━━━━━ Recorded data ━━━━━

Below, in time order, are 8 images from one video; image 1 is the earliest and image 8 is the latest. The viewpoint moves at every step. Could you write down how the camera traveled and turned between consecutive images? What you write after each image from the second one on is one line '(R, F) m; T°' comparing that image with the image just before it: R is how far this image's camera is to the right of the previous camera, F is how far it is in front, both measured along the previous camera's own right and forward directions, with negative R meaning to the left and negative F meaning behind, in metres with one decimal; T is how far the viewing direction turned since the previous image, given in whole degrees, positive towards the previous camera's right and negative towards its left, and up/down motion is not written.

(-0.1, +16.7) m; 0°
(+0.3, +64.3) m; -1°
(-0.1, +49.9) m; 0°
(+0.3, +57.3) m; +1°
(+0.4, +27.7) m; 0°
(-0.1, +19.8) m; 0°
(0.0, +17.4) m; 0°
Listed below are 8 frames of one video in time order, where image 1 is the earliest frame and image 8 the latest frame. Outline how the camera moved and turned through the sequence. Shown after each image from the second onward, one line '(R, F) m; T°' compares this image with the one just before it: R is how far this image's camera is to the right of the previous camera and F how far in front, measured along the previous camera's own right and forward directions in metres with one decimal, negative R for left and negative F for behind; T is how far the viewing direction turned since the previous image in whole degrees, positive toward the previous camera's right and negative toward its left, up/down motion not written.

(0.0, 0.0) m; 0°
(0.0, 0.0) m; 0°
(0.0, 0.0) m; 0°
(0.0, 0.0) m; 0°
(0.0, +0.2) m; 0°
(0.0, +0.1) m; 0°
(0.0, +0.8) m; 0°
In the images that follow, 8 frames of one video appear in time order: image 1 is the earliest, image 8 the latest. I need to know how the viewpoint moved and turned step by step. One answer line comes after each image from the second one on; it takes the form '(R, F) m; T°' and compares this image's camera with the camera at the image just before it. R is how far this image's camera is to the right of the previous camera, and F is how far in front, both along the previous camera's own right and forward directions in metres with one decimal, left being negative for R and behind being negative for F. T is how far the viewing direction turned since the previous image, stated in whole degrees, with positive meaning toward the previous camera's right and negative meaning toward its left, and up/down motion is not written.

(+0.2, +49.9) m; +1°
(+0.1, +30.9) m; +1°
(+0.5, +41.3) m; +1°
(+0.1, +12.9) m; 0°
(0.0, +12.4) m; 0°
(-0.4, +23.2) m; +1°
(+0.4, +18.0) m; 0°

━━━━━

**Work instructions:** Could you print all of the data above once more, unaltered?

**Response area:**
Below, in time order, are 8 images from one video; image 1 is the earliest and image 8 is the latest. The viewpoint moves at every step. Could you write down how the camera traveled and turned between consecutive images? What you write after each image from the second one on is one line '(R, F) m; T°' comparing that image with the image just before it: R is how far this image's camera is to the right of the previous camera, F is how far it is in front, both measured along the previous camera's own right and forward directions, with negative R meaning to the left and negative F meaning behind, in metres with one decimal; T is how far the viewing direction turned since the previous image, given in whole degrees, positive towards the previous camera's right and negative towards its left, and up/down motion is not written.

(-0.1, +16.7) m; 0°
(+0.3, +64.3) m; -1°
(-0.1, +49.9) m; 0°
(+0.3, +57.3) m; +1°
(+0.4, +27.7) m; 0°
(-0.1, +19.8) m; 0°
(0.0, +17.4) m; 0°
Listed below are 8 frames of one video in time order, where image 1 is the earliest frame and image 8 the latest frame. Outline how the camera moved and turned through the sequence. Shown after each image from the second onward, one line '(R, F) m; T°' compares this image with the one just before it: R is how far this image's camera is to the right of the previous camera and F how far in front, measured along the previous camera's own right and forward directions in metres with one decimal, negative R for left and negative F for behind; T is how far the viewing direction turned since the previous image in whole degrees, positive toward the previous camera's right and negative toward its left, up/down motion not written.

(0.0, 0.0) m; 0°
(0.0, 0.0) m; 0°
(0.0, 0.0) m; 0°
(0.0, 0.0) m; 0°
(0.0, +0.2) m; 0°
(0.0, +0.1) m; 0°
(0.0, +0.8) m; 0°
In the images that follow, 8 frames of one video appear in time order: image 1 is the earliest, image 8 the latest. I need to know how the viewpoint moved and turned step by step. One answer line comes after each image from the second one on; it takes the form '(R, F) m; T°' and compares this image's camera with the camera at the image just before it. R is how far this image's camera is to the right of the previous camera, and F is how far in front, both along the previous camera's own right and forward directions in metres with one decimal, left being negative for R and behind being negative for F. T is how far the viewing direction turned since the previous image, stated in whole degrees, with positive meaning toward the previous camera's right and negative meaning toward its left, and up/down motion is not written.

(+0.2, +49.9) m; +1°
(+0.1, +30.9) m; +1°
(+0.5, +41.3) m; +1°
(+0.1, +12.9) m; 0°
(0.0, +12.4) m; 0°
(-0.4, +23.2) m; +1°
(+0.4, +18.0) m; 0°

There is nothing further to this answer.